- **Problem description**:
Copy out the data exactly, leaving the pictures behind.

——————

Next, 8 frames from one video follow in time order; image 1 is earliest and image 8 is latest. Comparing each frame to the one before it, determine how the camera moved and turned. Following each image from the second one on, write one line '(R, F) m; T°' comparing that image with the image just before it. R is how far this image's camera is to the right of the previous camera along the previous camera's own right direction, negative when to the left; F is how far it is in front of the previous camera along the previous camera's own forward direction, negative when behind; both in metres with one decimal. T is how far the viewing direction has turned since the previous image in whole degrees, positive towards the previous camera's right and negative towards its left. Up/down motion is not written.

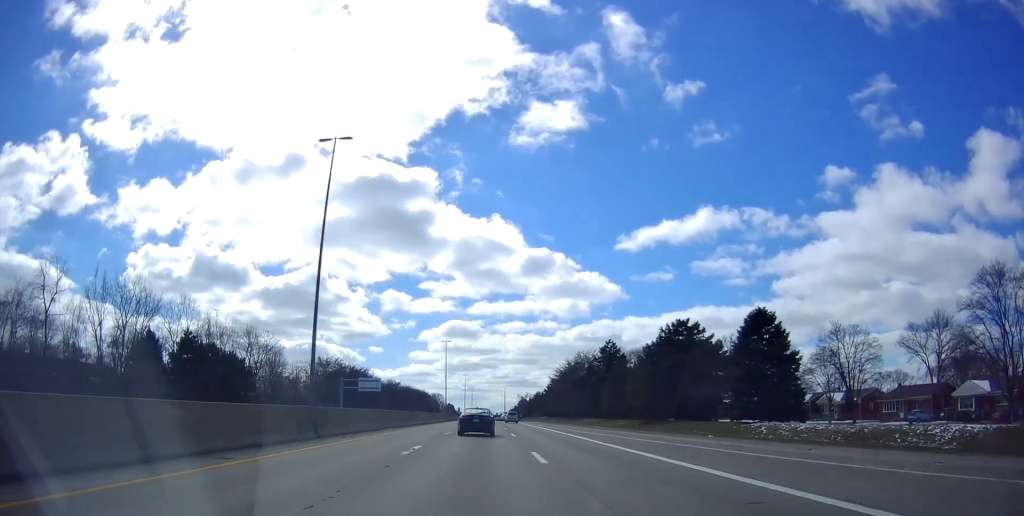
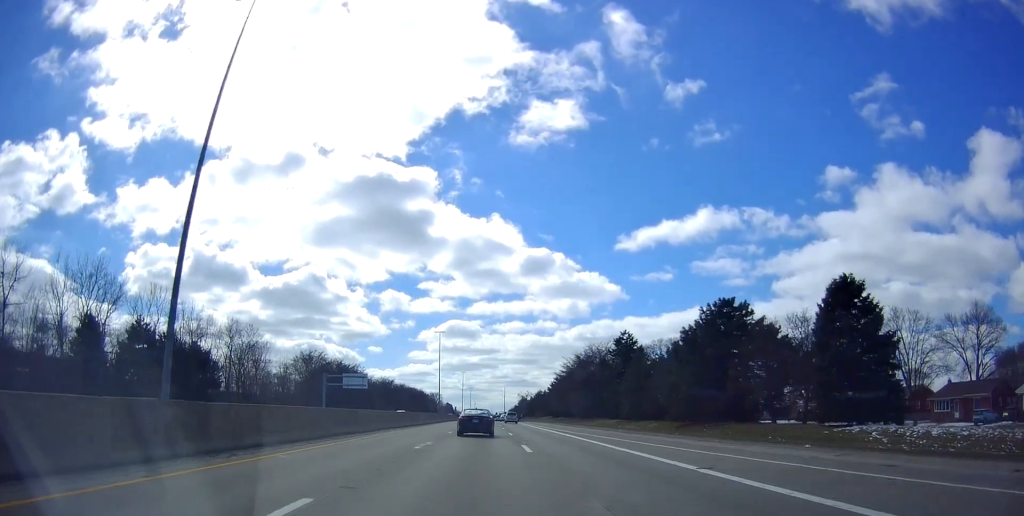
(-0.2, +12.4) m; 0°
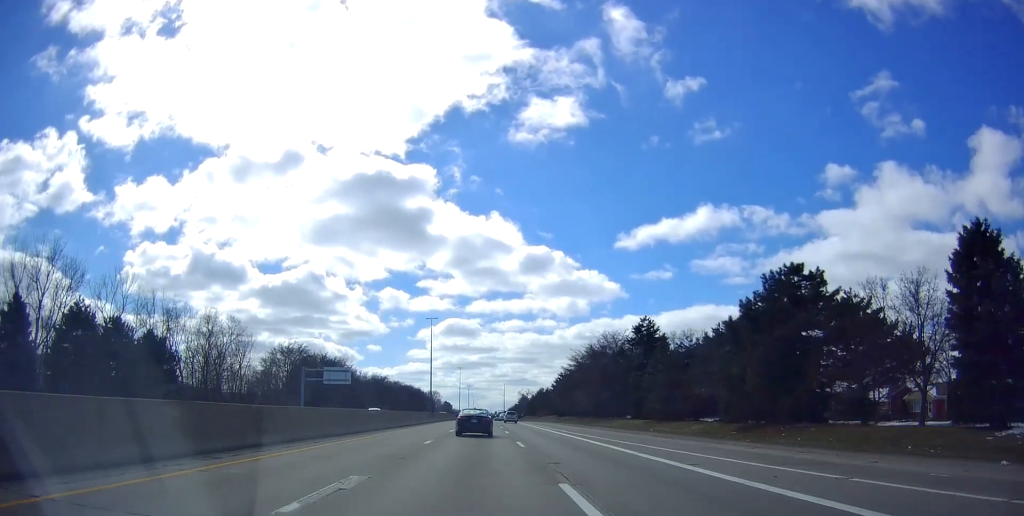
(-0.3, +12.3) m; 0°
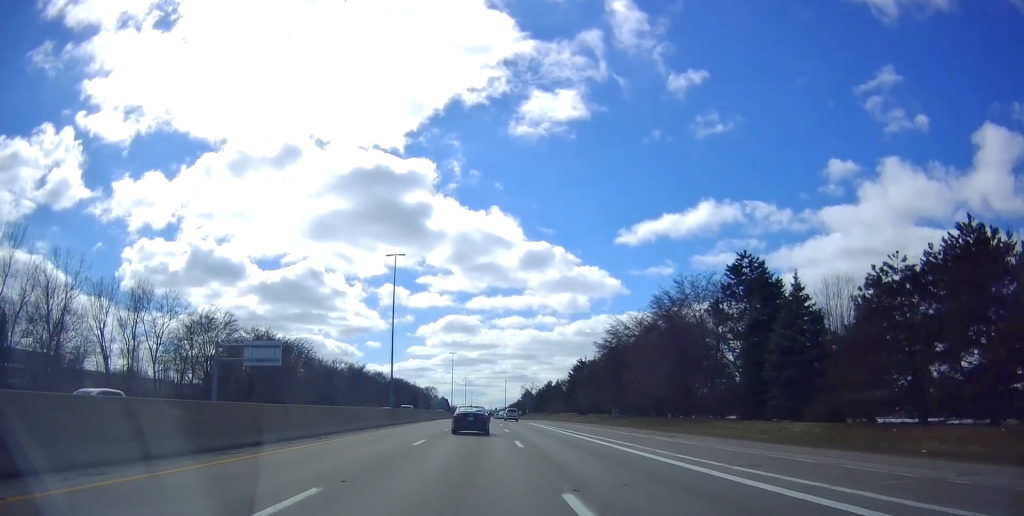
(+0.4, +32.2) m; +1°
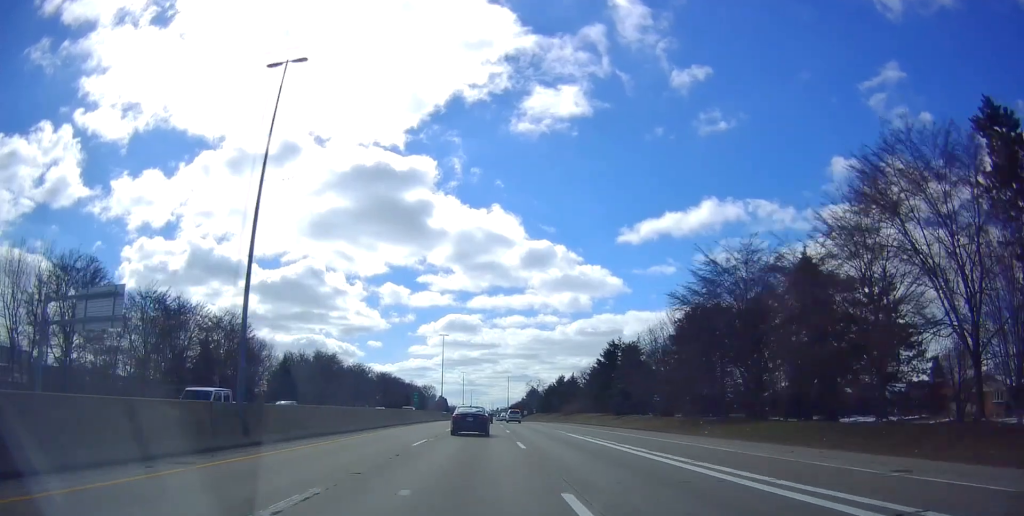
(-0.3, +30.1) m; -1°
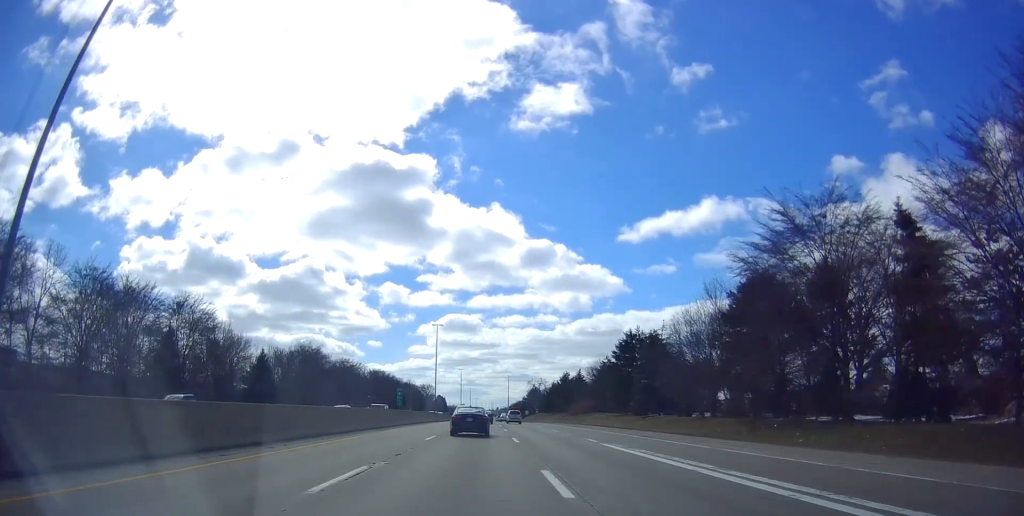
(-0.1, +11.3) m; 0°
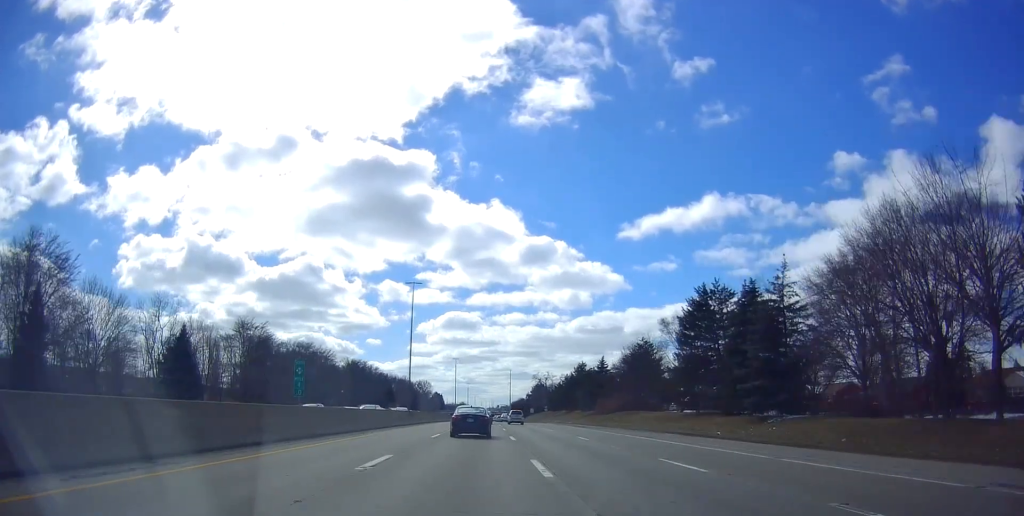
(-0.1, +28.1) m; 0°
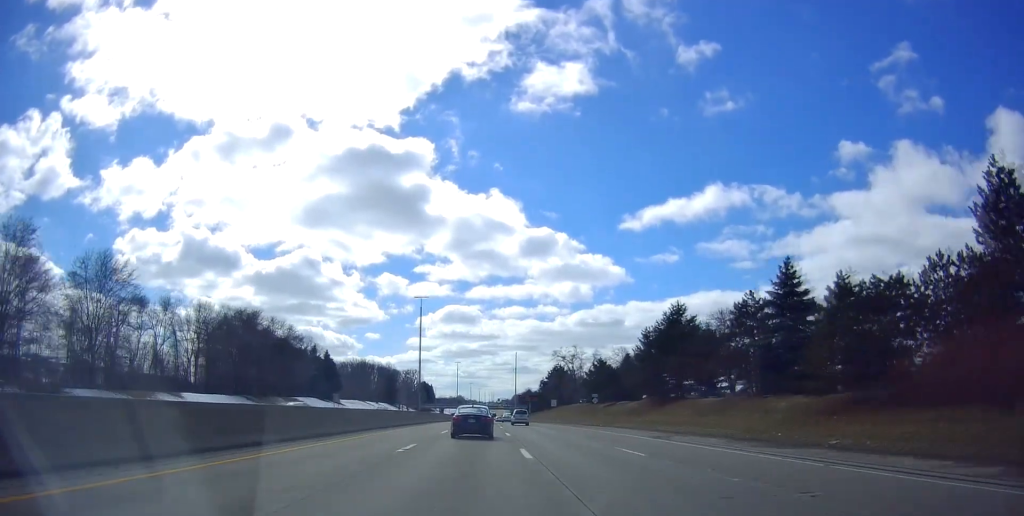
(-0.3, +71.3) m; 0°

——————

- **Your solution**:
Next, 8 frames from one video follow in time order; image 1 is earliest and image 8 is latest. Comparing each frame to the one before it, determine how the camera moved and turned. Following each image from the second one on, write one line '(R, F) m; T°' comparing that image with the image just before it. R is how far this image's camera is to the right of the previous camera along the previous camera's own right direction, negative when to the left; F is how far it is in front of the previous camera along the previous camera's own forward direction, negative when behind; both in metres with one decimal. T is how far the viewing direction has turned since the previous image in whole degrees, positive towards the previous camera's right and negative towards its left. Up/down motion is not written.

(-0.2, +12.4) m; 0°
(-0.3, +12.3) m; 0°
(+0.4, +32.2) m; +1°
(-0.3, +30.1) m; -1°
(-0.1, +11.3) m; 0°
(-0.1, +28.1) m; 0°
(-0.3, +71.3) m; 0°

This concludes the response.